The raft dangles bins full of sand and geoduck seed into the water, giving the tiny clams a chance to grow. Ideally, the clams stay on the raft for three to 12 months, but this year, Taylor has had some slow growers and chosen to leave batches as long as two years. Once the geoducks are declared large enough to transfer, they are hauled up onto the raft and workers use screens to sort the clams by size before moving them to their permanent home on the beach.


Left alone, a geoduck could live as long as 150 years, but Taylor will likely harvest them after about five years for the best size, taste, and texture. In order to help keep them safe from predators like crabs and diving ducks, the Taylor crew places the geoduck inside a piece of PVC pipe, which protects them until they can dig themselves deeper into the sand. Taylor will remove the pipe to reuse it in a year or two—at that point the geoduck can survive on its own.

Harvesting Geoduck


A field of geoducks is something like the fireswamp scene in The Princess Bride, only instead of shooting up spouts of fire in random places at random intervals, it's just little fountains of water. Harvesters look for a tell—the hole where the water shot from, or the tip of a siphon sticking up through the sand.

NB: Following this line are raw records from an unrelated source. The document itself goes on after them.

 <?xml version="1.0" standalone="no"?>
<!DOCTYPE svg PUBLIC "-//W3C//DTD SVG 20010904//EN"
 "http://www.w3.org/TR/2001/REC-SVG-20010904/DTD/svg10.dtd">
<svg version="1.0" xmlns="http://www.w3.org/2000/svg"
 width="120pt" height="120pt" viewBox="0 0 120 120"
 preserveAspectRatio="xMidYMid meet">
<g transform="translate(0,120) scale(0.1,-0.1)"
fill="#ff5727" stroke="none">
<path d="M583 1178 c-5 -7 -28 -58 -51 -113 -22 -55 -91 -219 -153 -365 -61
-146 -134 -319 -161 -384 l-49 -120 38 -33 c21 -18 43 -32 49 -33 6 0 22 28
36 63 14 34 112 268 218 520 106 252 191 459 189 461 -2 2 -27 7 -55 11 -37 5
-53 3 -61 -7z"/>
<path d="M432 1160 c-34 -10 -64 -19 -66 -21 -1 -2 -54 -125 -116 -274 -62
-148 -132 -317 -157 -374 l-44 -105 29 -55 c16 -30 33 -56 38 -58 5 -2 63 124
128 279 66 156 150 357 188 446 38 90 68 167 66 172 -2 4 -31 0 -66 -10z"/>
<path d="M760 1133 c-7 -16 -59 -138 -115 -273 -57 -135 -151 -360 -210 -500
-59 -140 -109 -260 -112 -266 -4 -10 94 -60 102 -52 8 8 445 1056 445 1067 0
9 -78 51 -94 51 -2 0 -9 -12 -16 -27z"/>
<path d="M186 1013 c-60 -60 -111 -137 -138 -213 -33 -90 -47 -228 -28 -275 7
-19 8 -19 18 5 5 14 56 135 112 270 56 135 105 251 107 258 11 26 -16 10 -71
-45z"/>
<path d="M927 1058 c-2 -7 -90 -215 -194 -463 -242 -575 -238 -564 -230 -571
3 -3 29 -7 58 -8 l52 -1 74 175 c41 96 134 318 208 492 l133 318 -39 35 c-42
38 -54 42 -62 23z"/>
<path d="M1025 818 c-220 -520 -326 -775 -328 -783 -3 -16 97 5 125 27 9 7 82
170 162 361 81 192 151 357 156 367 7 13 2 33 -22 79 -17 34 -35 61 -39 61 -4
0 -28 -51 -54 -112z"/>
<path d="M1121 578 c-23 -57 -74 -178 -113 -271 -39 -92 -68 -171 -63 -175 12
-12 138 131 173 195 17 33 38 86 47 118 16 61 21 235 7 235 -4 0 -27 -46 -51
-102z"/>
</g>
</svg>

When was the last time you coated your arm in rubber and neoprene and plunged it into the sand up to your shoulder while feeling around blindly for a large, penis-shaped stick of flesh? If your job were digging geoducks, the answer would be multiple times a day.

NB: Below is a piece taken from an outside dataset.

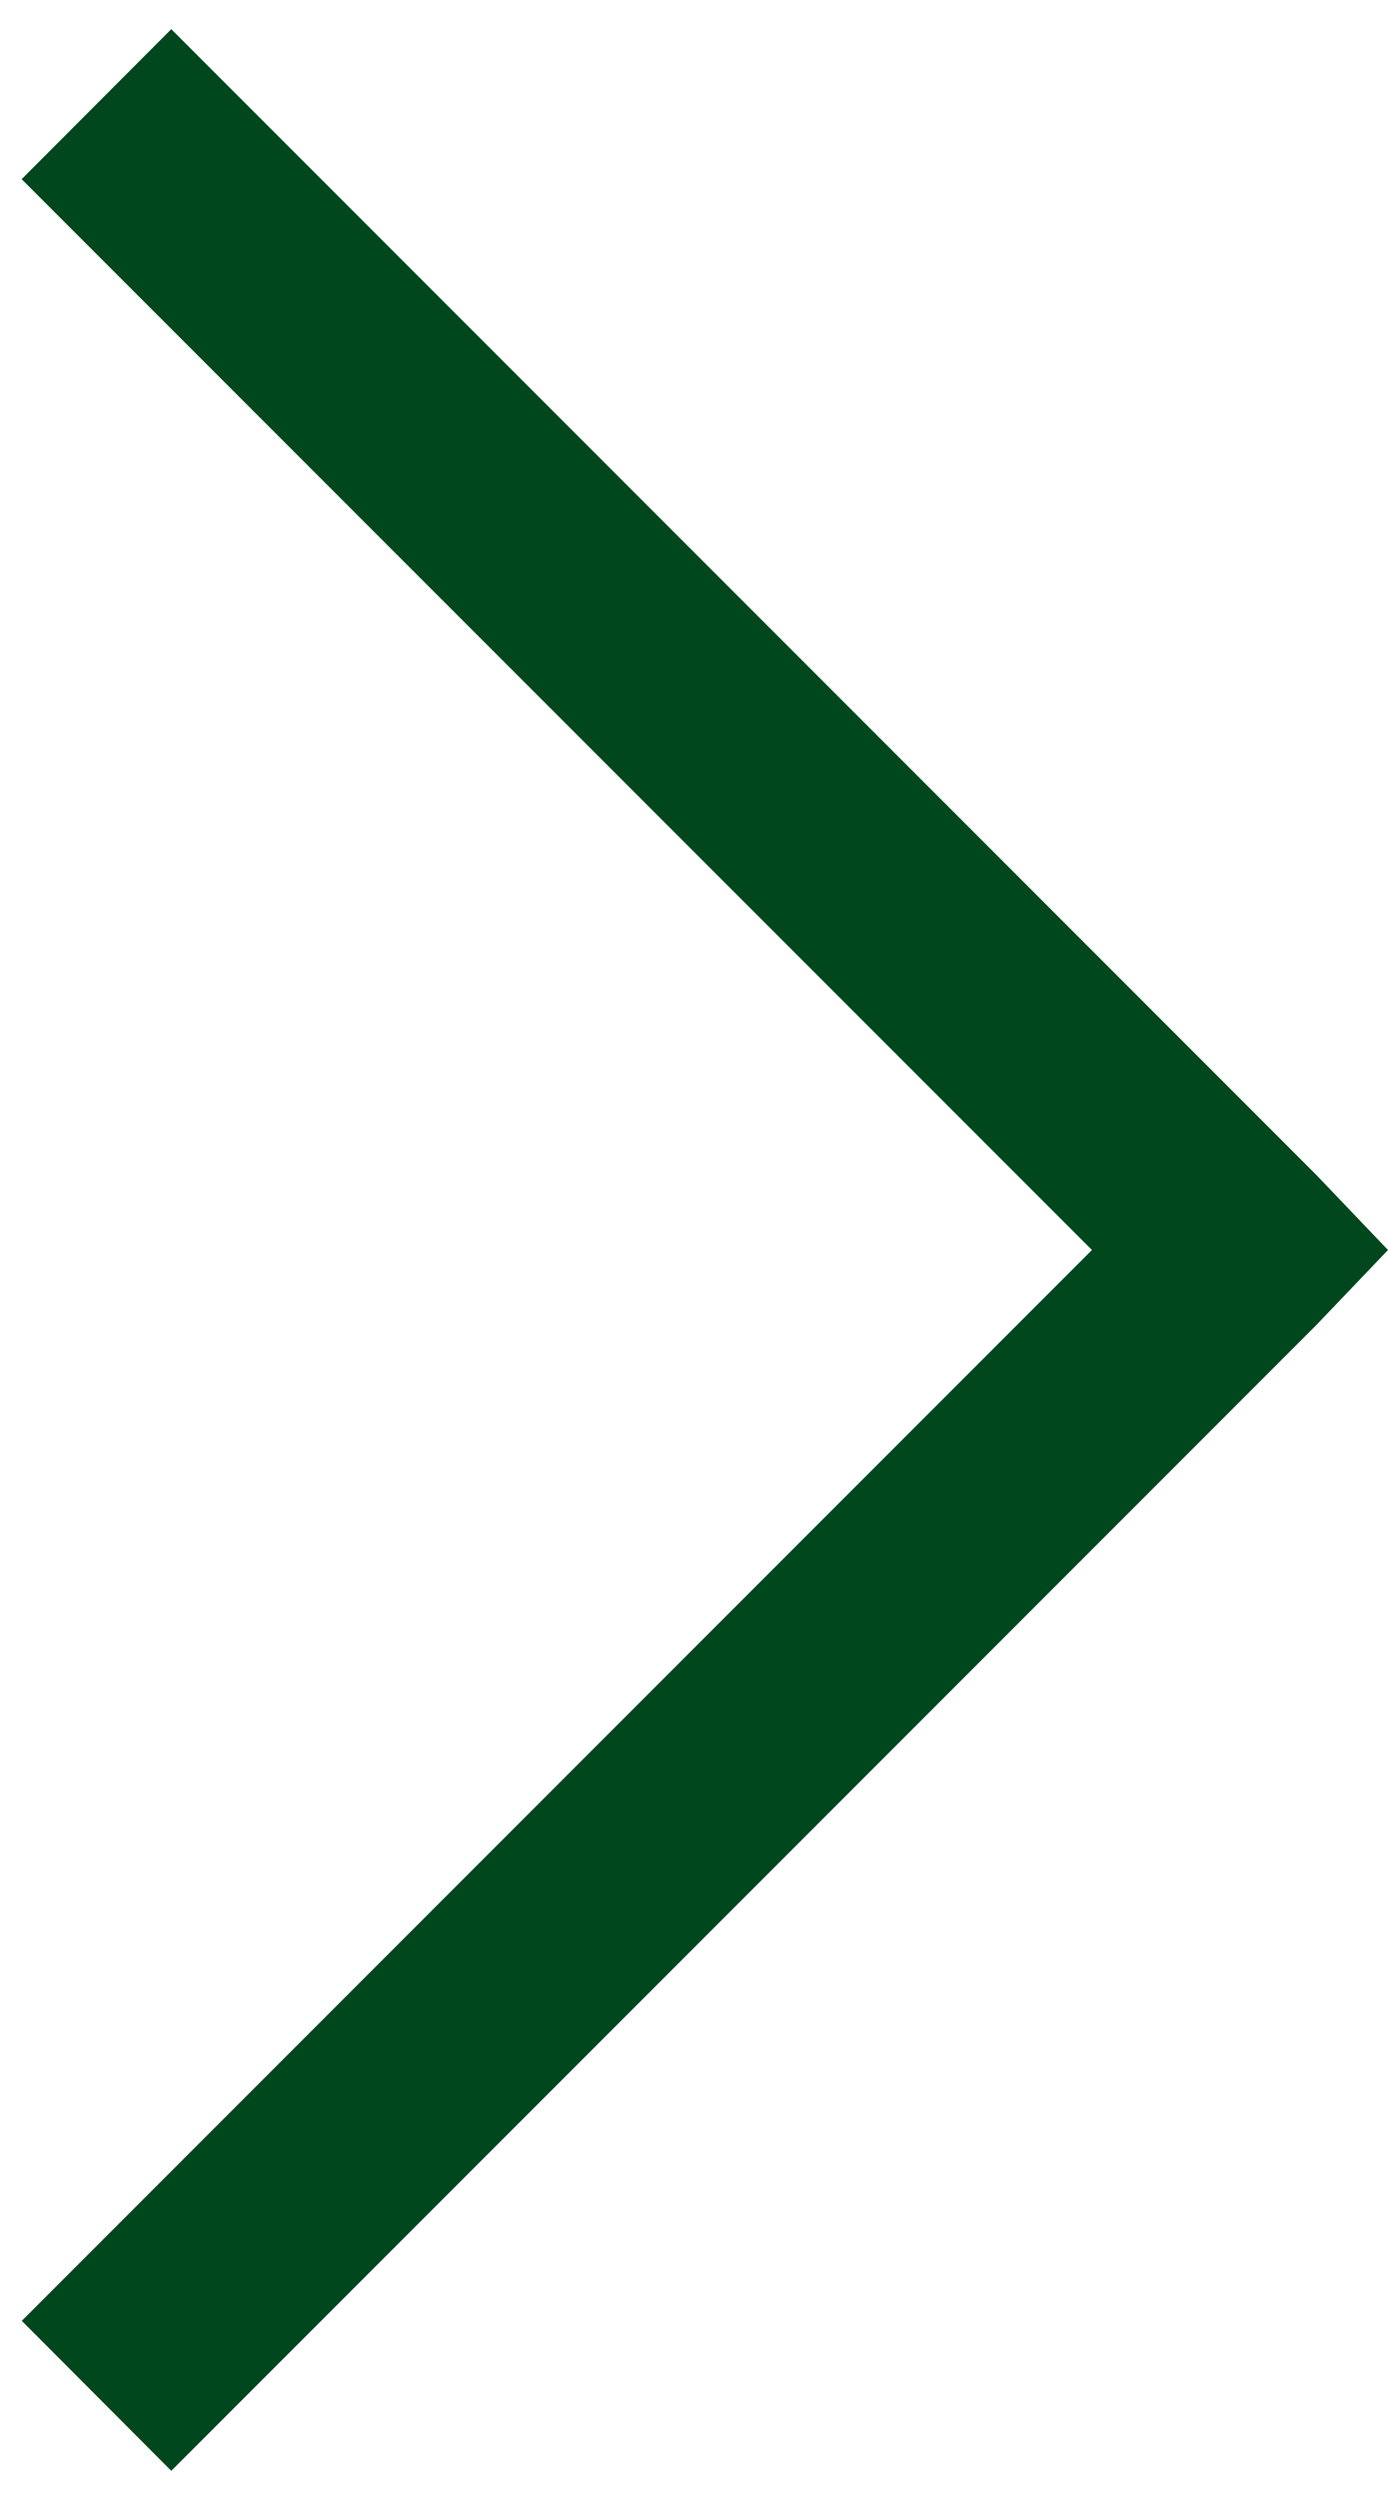 <svg width="10" height="18" viewBox="0 0 10 18" fill="none" xmlns="http://www.w3.org/2000/svg"><path d="M1.234.21L.156 1.29 7.867 9l-7.71 7.71 1.077 1.08 8.25-8.25L10 9l-.516-.54L1.234.21z" fill="#00471E"/></svg>

In order to loosen up the sand—making it easier to plunge your arm in and harder for the geoduck to move—the digger uses a water hose to blast water down into the geoducks' deep, sandy home. At this point, the digger can reach down into the hole and grab the clam, hopefully by the body rather than the neck, to avoid stressing or damaging the clam.

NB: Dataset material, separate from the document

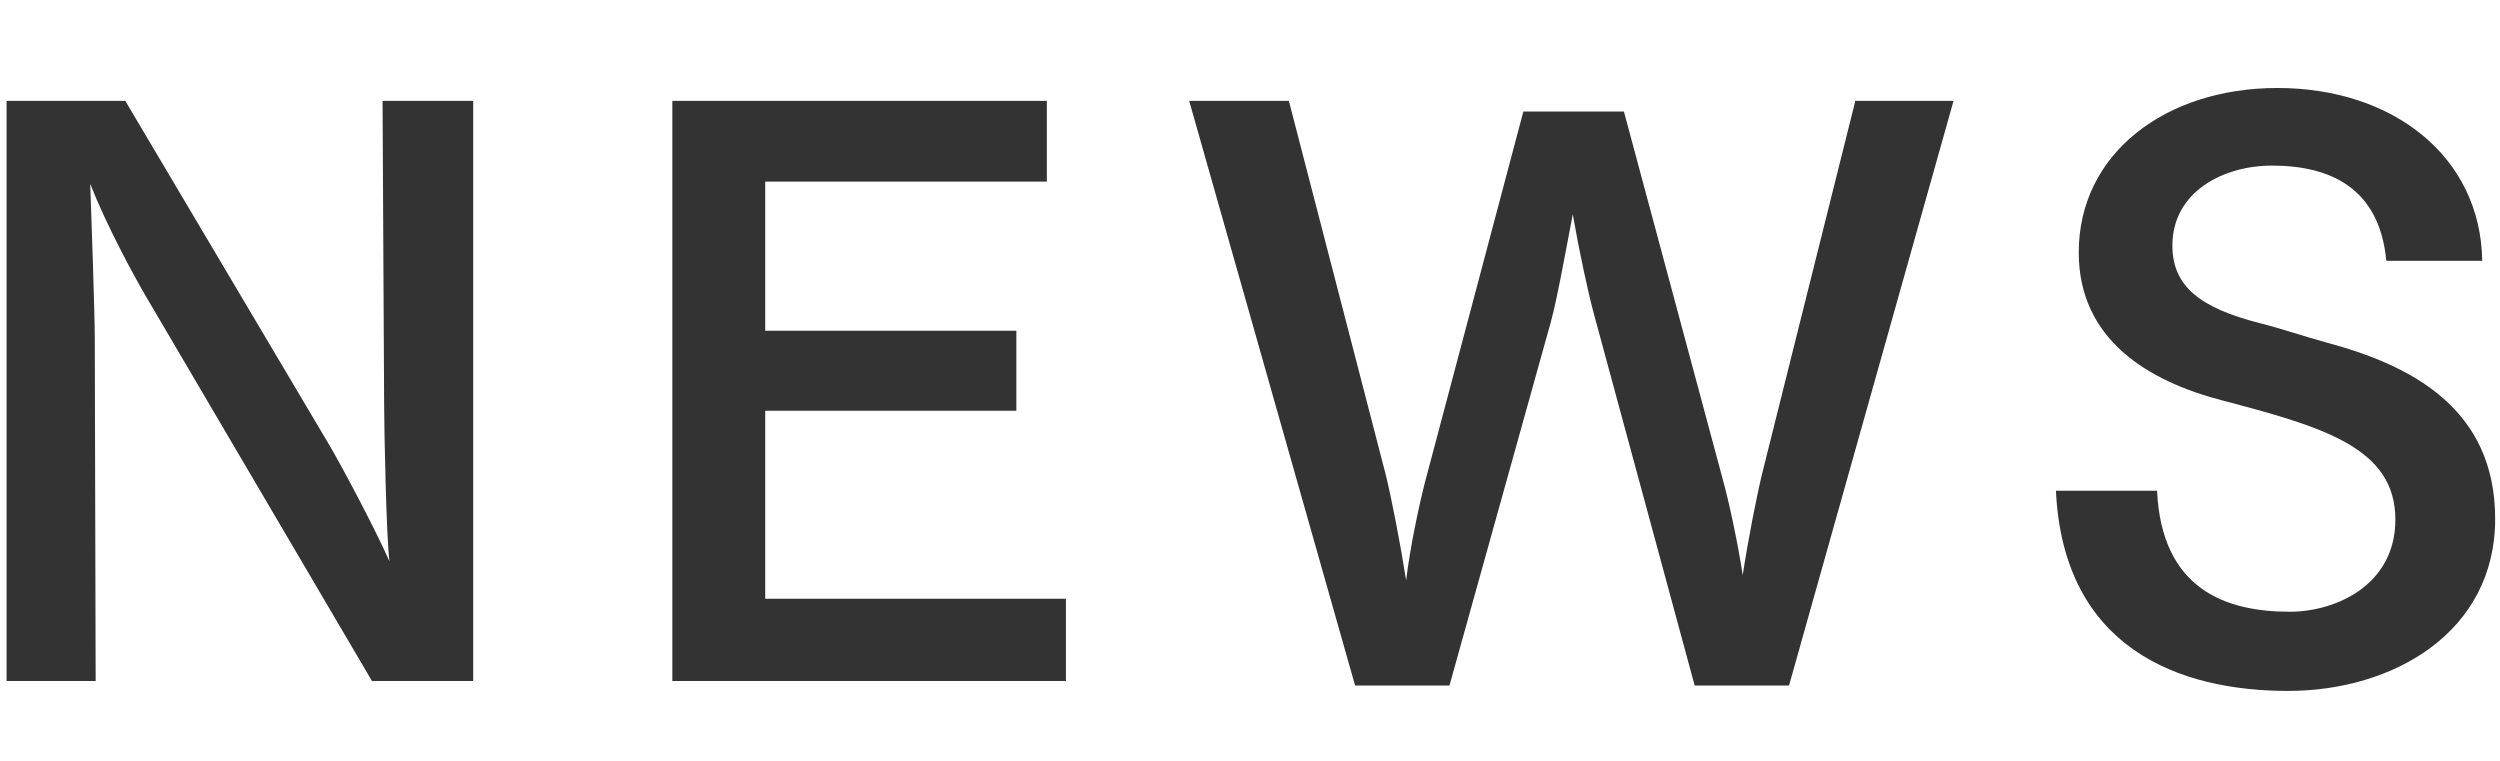 <svg enable-background="new 0 0 46 14" height="14" viewBox="0 0 46 14" width="46" xmlns="http://www.w3.org/2000/svg"><g fill="#333"><path d="m8.707 12.53h-1.863l-4.174-7.102c-.211-.364-.701-1.26-1.01-2.045.016.378.084 2.437.084 2.802l.016 6.345h-1.639v-10.674h2.184l3.77 6.359c.236.406.812 1.485 1.092 2.115-.058-.391-.099-2.45-.099-2.885l-.029-5.589h1.668z"/><path d="m19.262 3.341h-5.182v2.745h4.621v1.471h-4.621v3.46h5.533v1.513h-7.242v-10.674h6.891z"/><path d="m32.918 12.614h-1.736l-1.85-6.822c-.111-.406-.279-1.191-.393-1.849-.139.728-.293 1.583-.406 1.989l-1.863 6.682h-1.736l-3.053-10.758h1.834l1.779 6.864c.111.448.279 1.317.379 1.961.068-.588.238-1.387.35-1.821l1.807-6.808h1.85l1.807 6.724c.127.448.295 1.247.379 1.807.098-.644.266-1.513.377-1.947l1.695-6.78h1.807z"/><path d="m43.908 4.798c-.125-1.331-1.021-1.751-2.102-1.751-.91 0-1.834.49-1.834 1.471 0 .756.518 1.149 1.611 1.429.391.098.797.238 1.203.35 1.584.42 3.125 1.219 3.125 3.25 0 2.087-1.877 3.166-3.811 3.166-2.004 0-4.133-.785-4.271-3.684h1.861c.084 1.821 1.275 2.227 2.438 2.227.869 0 1.947-.504 1.947-1.695 0-1.331-1.344-1.709-3.207-2.199-1.33-.35-2.619-1.106-2.619-2.717 0-1.821 1.596-3.026 3.656-3.026 2.143 0 3.74 1.275 3.768 3.18h-1.765z"/></g><path d="m0 0h46v14h-46z" fill="none"/></svg>

Harvesters place a rubber band around the shell and body, which keeps tension on the geoduck. "When they're in the sand," Paul tells us, "it has the pressure of the sand." But, once out in the air, "the muscle to keep [the clam] closed is not that strong, so the shell will relax and open up." This dries out the meat, and makes for less good eating.


Much of what Taylor Shellfish does to keep the geoducks tasting their best has more to do with logistics than sea life: the clams are put into flowing water as soon as they're pulled, then transported in trucks that keep them cool, and shipped out the same day of harvest.

Digging Into the Clam

Chef Kim Sturts serves geoduck crudo on a radish and cucumber salad with avocado puree and radish granita.

Taylor Shellfish Farms ships much of its geoduck live to Asia, but some remains in the U.S., particularly in the Pacific Northwest, where chefs consider it something of a rite of passage to cook. To serve the neck raw, chefs blanch it in boiling water to remove the skin, then slice it very thin, sometimes with crunchy complements like fennel, celery, and radish. Both Stowell and Donnelly like to pair the neck with cucumber: Donnelly pickles the cucumber and adds a black vinegar and soy vinaigrette, while Stowell keeps things simple with good olive oil and a bit of citrus. Serious Eats' own Chichi Wang describes geoduck as somewhere between "chewy clam and a tender abalone, though crisper in texture than either," suggesting a combination of sashimi neck and sautéed body if you're looking to serve geoduck at home.

Damiana Merryweather, the manager of Taylor Shellfish Oyster Bar (the restaurant outlet of the farm), says that they sell about 15 pounds a week of the clams to restaurant guests. She admits that the live geoduck that sits in tanks in the front of the bar can seem to be something of a party trick. But she also sees it as an opportunity to start a conversation with the customer: people see what chef Donnelly calls "this bizarre, phallic-looking bivalve," say its funny name, and always want to know more about this culinary symbol of the Pacific Northwest—and that's before they've even tasted it.